= Hualongdong people =

Extinct humans that lived in eastern China around 300,000 years ago

The Hualongdong people are extinct humans that lived in eastern China around 300,000 years ago during the late Middle Pleistocene. Discovered by a research team led by Xiujie Wu and Liu Wu, of the Chinese Academy of Sciences, from the Hualong Cave (pinyin: huálóng dòng; lit.'flowery/elegant dragon cave') in Dongzhi County at Anhui Province in 2006, they are known from about 30 fossils that belong to 16 individuals. The first analysis of the skull fragments collected in 2006 suggested that they could be members of Homo erectus. For some of the specimens, their exact position as a human species is not known. More complete fossils found in 2015 indicate that they cannot be directly assigned to any Homo species as they also exhibit archaic human features. They are the first humans in Asia to have both archaic and modern human features. They are likely a distinct species that form a separate branch in the human family tree.

== Discovery ==
Chen Shengqian and Luo Hu, historical investigators in Dongzhi County, found the Hualong Cave in 2004, or 2005. With the help of palaeontologists from the Chinese Academy of Sciences, led by Xiujie Wu and Liu Wu, they discovered the cave as a palaeontological site in 2006. Initial excavation yielded human remains comprising a single tooth (lower second molar), designated specimen HLD (for Hualongdong) 1, and two pieces of a skull bone (frontal fragments) from one individual, labelled HLD 2.

A series of excavations was organised between 2014 and 2016 by which many animal fossils and stone tools were discovered. In addition, 29 human remains were found that came from about 16 individuals. The best specimen is an individual, coded HLD 6, represented by 11 fossil pieces of the skull, teeth and jaw bones. A temporal bone was the first piece found in 2014, and the rest, in 2015. Radiometric dating in 2019 established that the fossils are about 300,000 years old.

== Homo erectus ==
Two of the first human remains found in 2006 are a lower second molar (HLD 1) and skull bones (HLD 2). The two pieces of frontal bones perfectly fit to each other at one end, indicating that they were from one individual. They show small curvature with prominent temporal line and thick cranial wall like those of H. erectus. The structure and size of the tooth are also within the general features of H. erectus.

In 2015, Liu Wu announced the discovery of one of the most complete and best preserved human skulls from Hualong Cave. Popularised as "Dongzhi Man", the fossil was identified as H. erectus.

== HLD 11 ==
A femoral bone, HLD 11, was discovered in 2015 and analysed in 2020, along with smaller pieces, HLD 15 and 16. It consists of a midshaft section that is 42 mm long with intact circumference. The structure indicates it as part of the right thigh. It most resembles that of Zhoukoudian Peking Man (H. erectus), but the exact identity is unclear as it also shares features of archaic humans of the Middle to early Late Pleistocene of Europe.

== HLD 6 ==
HLD 6, represented by 11 fossil parts belong to a single individual, is the most complete human remains in Hualong Cave. Based on the teeth development, the individual was initially estimated in 2019 as between 13 and 15 years old, but revised in 2023 to 12–13 years old.

In 2019, the skull and teeth were analysed that established the individual had a mixed feature of both archaic and modern humans. It possesses several common features with Asian archaic humans including a low and wide skull cup and nostril, as well as reduced or absent third molars. However, in contrast to other archaic humans, HLD 6 also shows features of modern humans such as flat face, chin and modern-like teeth. Report of the analysis of the facial skeleton in 2021 upheld that the flat face, poor prognathism, and nose bones are suggestive of a blend of archaic and modern human features.

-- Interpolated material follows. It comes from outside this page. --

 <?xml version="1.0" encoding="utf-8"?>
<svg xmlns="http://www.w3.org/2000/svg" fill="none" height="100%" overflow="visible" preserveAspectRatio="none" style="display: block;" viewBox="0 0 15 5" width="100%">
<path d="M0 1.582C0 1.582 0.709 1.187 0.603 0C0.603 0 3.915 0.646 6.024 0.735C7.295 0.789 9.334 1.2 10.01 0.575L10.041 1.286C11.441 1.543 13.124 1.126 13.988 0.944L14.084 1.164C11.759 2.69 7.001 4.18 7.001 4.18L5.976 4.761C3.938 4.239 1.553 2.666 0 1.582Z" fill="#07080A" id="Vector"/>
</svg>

In 2020, a well preserved lower jawbone (mandible) was discovered among animal fossils that was found to be part of HLD 6. The analysis, reported in 2023, revealed that the individual shows a clear mixture of different archaic and modern humans. A thick bone along the jawline is a common feature with H. erectus. A notable archaic appearance is the lack of true chin. A true chin a defining feature of modern humans and is absent in archaic species. HLD 6 jawline is more similar to those of Denisovans than to any other humans. However, the thin wall of the jawbone is a shared featured with modern humans. Comparison with Peking Man, Neanderthals and Denisovans indicate that they cannot fit into any of the known human species, and may be a hybrid species. The study states "that the HLD 6 mandible exhibits a mosaic pattern with some features commonly found in Middle Pleistocene archaic hominins, Late Pleistocene anatomically modern humans, and recent modern humans."